There’s a lot of good information here. I really appreciate everyone’s posts. My probably last question is meant to add atop some of the previous responses. In general, when TW pushes something that causes havoc on my system I’d like to have 2 states that I can readily boot into: (1) the safe state where everything works and (2) the current state so I can test if things have been fixed and to also provide ticket feedback (I am trying to do my part and raise awareness of issues I find early and often). Sometimes an issue may take several months to rectify. Since openSUSE has technologies like btrfs that it builds atop, I can imagine several scenarios that someone could pick to deal with (1) and (2). In my mind, creating a manual snapshot for (1) that can be accessed easily would likely be the easiest way of dealing with the 2 states. Is there a better way or more details as to the best way to manage the snapshots for (1) and (2)? The disadvantage of the snapshot approach is that throughout that time the system is not getting updates unless the offending packages are just frozen (per earlier suggestion). Thank you for any insight you have into this; this is really helping me understand the preferred ways of managing a rolling TW system.

malcolmlewis · October 5, 2021, 4:32pm

Hi
I just roll with every release… the glibc rebuild caused a few issues, but no showstoppers (I use slack, so just reverted to web ui) for me. VScode still doesn’t work on nvidia, but my default is AMD which it works with fine.

awerlang · October 6, 2021, 4:52am

iqgrande:

There’s a lot of good information here. I really appreciate everyone’s posts. My probably last question is meant to add atop some of the previous responses. In general, when TW pushes something that causes havoc on my system I’d like to have 2 states that I can readily boot into: (1) the safe state where everything works and (2) the current state so I can test if things have been fixed and to also provide ticket feedback (I am trying to do my part and raise awareness of issues I find early and often). Sometimes an issue may take several months to rectify. Since openSUSE has technologies like btrfs that it builds atop, I can imagine several scenarios that someone could pick to deal with (1) and (2). In my mind, creating a manual snapshot for (1) that can be accessed easily would likely be the easiest way of dealing with the 2 states. Is there a better way or more details as to the best way to manage the snapshots for (1) and (2)? The disadvantage of the snapshot approach is that throughout that time the system is not getting updates unless the offending packages are just frozen (per earlier suggestion). Thank you for any insight you have into this; this is really helping me understand the preferred ways of managing a rolling TW system.

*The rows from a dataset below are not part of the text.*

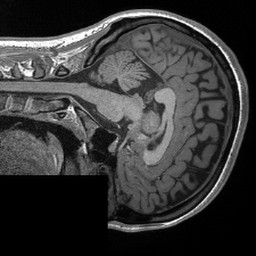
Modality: T1w
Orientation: sagittal
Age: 22
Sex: female
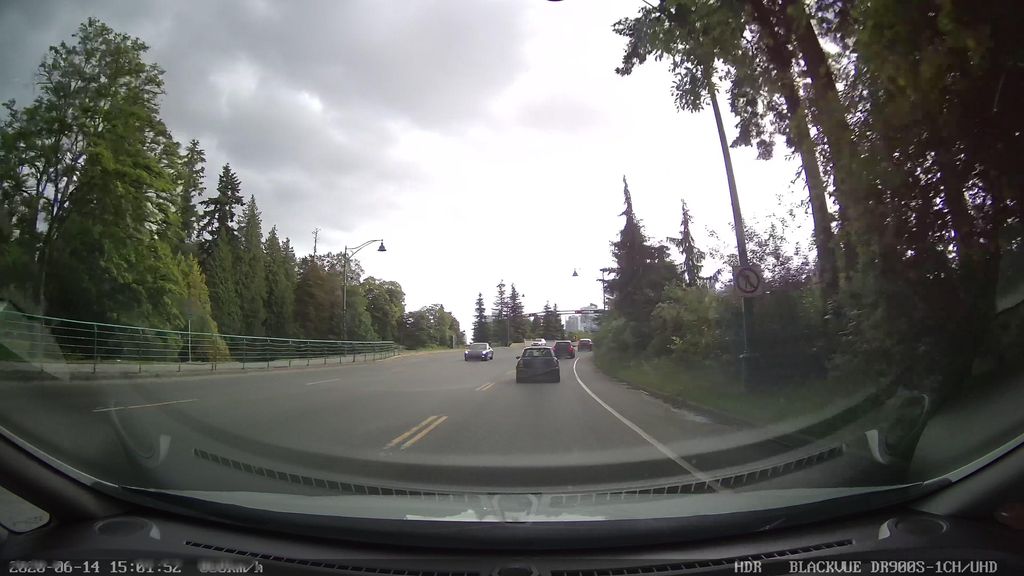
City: vancouver
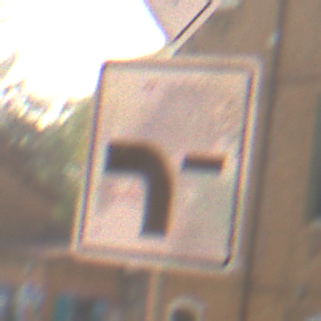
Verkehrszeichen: VerlaufVorfahrtsstrasse6
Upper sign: Vorfahrtsstrasse
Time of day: MorningAfternoon
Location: Outdoor (Urban)
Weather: Clear
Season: NotSpecified
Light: Natural
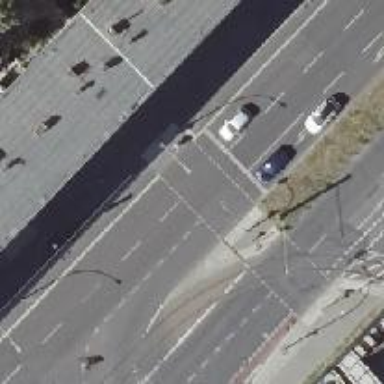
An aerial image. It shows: Road with traffic signals.
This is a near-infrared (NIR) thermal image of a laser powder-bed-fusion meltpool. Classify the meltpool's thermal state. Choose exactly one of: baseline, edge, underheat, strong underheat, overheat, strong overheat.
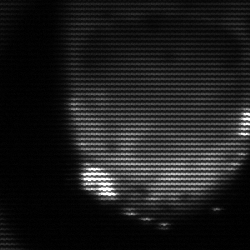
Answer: edge
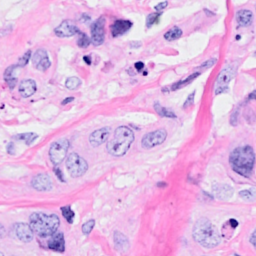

In a default installation zypper creates a pair of snapshots on each update, snapper prunes old snapshots on a schedule, and grub integrates booting from older snapshots in its menu. In case you find a broken update with a package, you can choose to boot from a previous snapshot, rollback to it, reboot, lock the package from updating, update the system. Repeat.